TASK STATEMENT
Leave out the pictures and transcribe the rest of the records exactly.

Records from a dataset
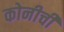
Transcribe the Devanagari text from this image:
कोनीची
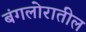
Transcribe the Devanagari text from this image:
बंगलोरातील
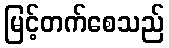
မြင့်တက်စေသည်
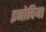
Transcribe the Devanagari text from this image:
इनोविया
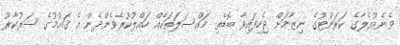
ވެނެޒުއެލާގެ ކަރަންޓުގެ ނިޒާމަށް ޖެހިފައިވާ ބޮޑެތި މައްސަލަތަކެއް ހައްލުކުރެވެންދެން އެ ޤައުމުގެ ސަރުކާރު
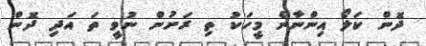
ދޮން ކަލޯ އިންނާނެ މީހަކު ތި ރަށުން ނުވީ ތަ އަދި ދޮން
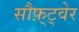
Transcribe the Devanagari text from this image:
सौफ़्ट्वेर
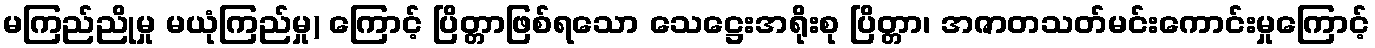
မကြည်ညိုမှု မယုံကြည်မှု) ကြောင့် ပြိတ္တာဖြစ်ရသော သေဋ္ဌေးအရိုးစု ပြိတ္တာ၊ အဇာတသတ်မင်းကောင်းမှုကြောင့်
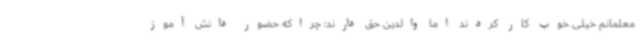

THE COMPLETED TASK
Transcribe the Devanagari text from this image:
कोनीची
Transcribe the Devanagari text from this image:
बंगलोरातील
မြင့်တက်စေသည်
Transcribe the Devanagari text from this image:
इनोविया
ވެނެޒުއެލާގެ ކަރަންޓުގެ ނިޒާމަށް ޖެހިފައިވާ ބޮޑެތި މައްސަލަތަކެއް ހައްލުކުރެވެންދެން އެ ޤައުމުގެ ސަރުކާރު
ދޮން ކަލޯ އިންނާނެ މީހަކު ތި ރަށުން ނުވީ ތަ އަދި ދޮން
Transcribe the Devanagari text from this image:
सौफ़्ट्वेर
မကြည်ညိုမှု မယုံကြည်မှု) ကြောင့် ပြိတ္တာဖြစ်ရသော သေဋ္ဌေးအရိုးစု ပြိတ္တာ၊ အဇာတသတ်မင်းကောင်းမှုကြောင့်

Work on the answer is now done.